In the present study, we performed a large-scale pQTL GWAS of 91 circulating inflammation-related proteins measured using Olink immunoassays, identifying 180 significant primary pQTL signals (59 cis, 121 trans). Colocalization analysis suggested that only a small proportion of the plasma cis-pQTLs reported in the present study are underpinned by the same causal genetic variant as the whole-blood cis-eQTL for the corresponding gene. Of note, the plasma proteome is not the direct corollary of the whole-blood transcriptome: plasma pQTL studies examine genetic effects on extracellular protein levels, whereas blood eQTL studies examine the effects on intracellular RNA levels (predominantly in leukocytes). This has several implications. First, plasma protein levels can be affected by nontranscriptional mechanisms including cleavage, secretion and clearance. Second, a wide range of tissues other than blood cells (for example, the liver) contribute to the plasma proteome. This is evident when considering circulating proteins that are measured as biomarkers in clinical practice (for example, albumin produced by the liver, troponin by the heart, prostate-specific antigen by the prostate). Indeed, by extending our comparison across multi-tissue eQTL databases, we showed that at least 50% of the cis-pQTLs we observed are probably driven by cognate cis-eQTLs in a diverse range of tissues and cell types. Blood eQTL studies have been carried out using sample sizes similar to the sample size in our pQTL study. The eQTL studies in other tissues tend to be smaller and so it is likely that some of the plasma cis-pQTLs observed in the present study are underpinned by tissue-specific eQTLs that have not yet been detected due to lack of statistical power. Finally, other mechanisms such as alternative splicing might account for some cis-pQTLs without corresponding eQTLs.

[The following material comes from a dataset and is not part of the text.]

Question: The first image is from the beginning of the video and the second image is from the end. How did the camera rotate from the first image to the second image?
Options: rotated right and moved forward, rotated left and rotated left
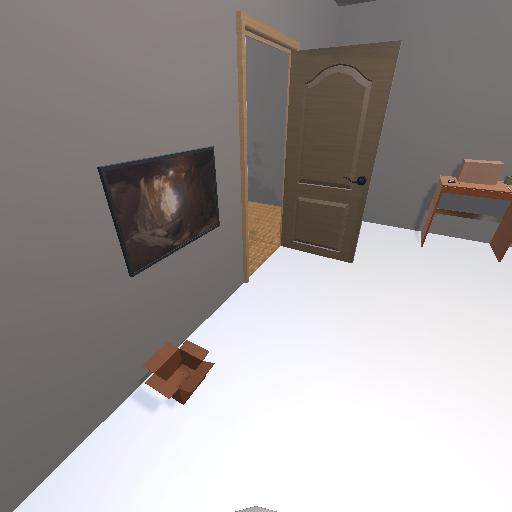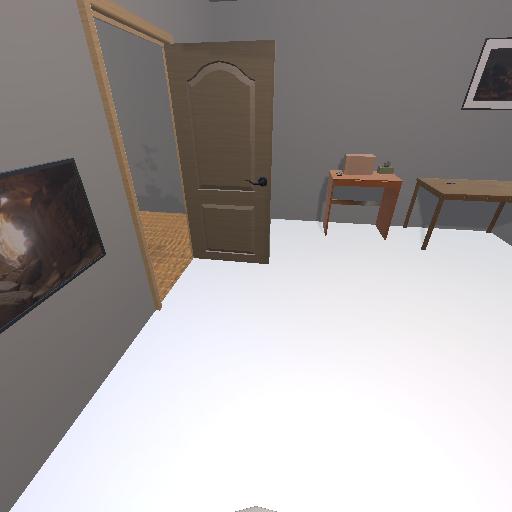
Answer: rotated right and moved forward

Our pQTL study identified twice as many trans associations compared with cis (121 versus 59, respectively), in keeping with other well-powered pQTL studies (for example, refs. 7,8,9). The integration of cis-pQTLs (and cis-eQTLs) with GWAS data provides useful, if sometimes obvious, insights into the upstream mechanisms of disease, because the mediating gene has usually already been suspected by virtue of the location of the GWAS signal. In contrast, trans-pQTLs represent a double-edged sword for interpreting genetic associations with disease. On the one hand, they often represent a less direct link from genotype to disease than cis-pQTLs and, from the perspective of causal inference analysis, are more vulnerable to violating the assumptions of MR through horizontal pleiotropy. On the other hand, they can reveal molecular mediators of disease encoded by genes distant from the disease GWAS signal. For example, we identified a trans-pQTL (rs2364485) for LTA at a multiple sclerosis risk locus. This multiple sclerosis risk locus contains two plausible causal genes (TNFRSF1A and LTBR) and two independent signals for multiple sclerosis risk (rs1800693 and rs2364485). By integrating whole-blood eQTL and multiple sclerosis GWAS data, we showed that LTBR is the most likely gene mediating the LTA trans-pQTL at rs2364485, and one of the multiple sclerosis signals at the locus. LTA is a member of the TNF superfamily of proteins and is the only member of this superfamily that is generated as a secreted protein rather than through cleavage of a membrane-bound protein. The multiple sclerosis risk allele is associated with lower expression of LTBR and higher circulating protein levels of LTA, a component of its ligand. This raises the question of whether elevated LTA is secondary to lower LTBR, or vice versa (for example, through compensatory receptor downregulation). The distinction between cis- and trans-QTLs enables us to address this. Given that the eQTL for LTBR is cis and the pQTL for LTA is trans, it is highly likely that the former is the upstream effect, with the higher levels of soluble LTA occurring as a result of reduced binding to its receptor. This demonstrates the value of pairing QTLs for ligands and their receptors for deconvoluting the ordering of biological pathways.

Integration of pQTLs with GWAS disease signals revealed disease–protein connections reflecting both established and plausible putative mechanisms of pathophysiology. For example, a cis-pQTL for TNFSF11 (RANKL) overlapped with GWAS signals for osteoporosis and hypothyroidism. The former is consistent with RANKL’s well-established role in bone biology and RANKL is the target of the anti-osteoporosis drug denosumab31. However, RANKL also plays a role in the immune system32 and these effects may be relevant to risk of autoimmune hypothyroidism. A cis-pQTL for TNFSF12 (TWEAK) was associated with risk of hypertension. TWEAK is a cytokine predominantly produced by leukocytes and has pleiotropic actions, including on the endothelium33,34, potentially explaining the association with blood pressure. A cis-pQTL for FGF5 was also associated with susceptibility to hypertension and cardiovascular diseases, with the allele associated with higher plasma FGF5 levels being associated with lower risk of cardiovascular diseases. Consistent with this, there are reports that FGF5 has cardioprotective effects in pig models35.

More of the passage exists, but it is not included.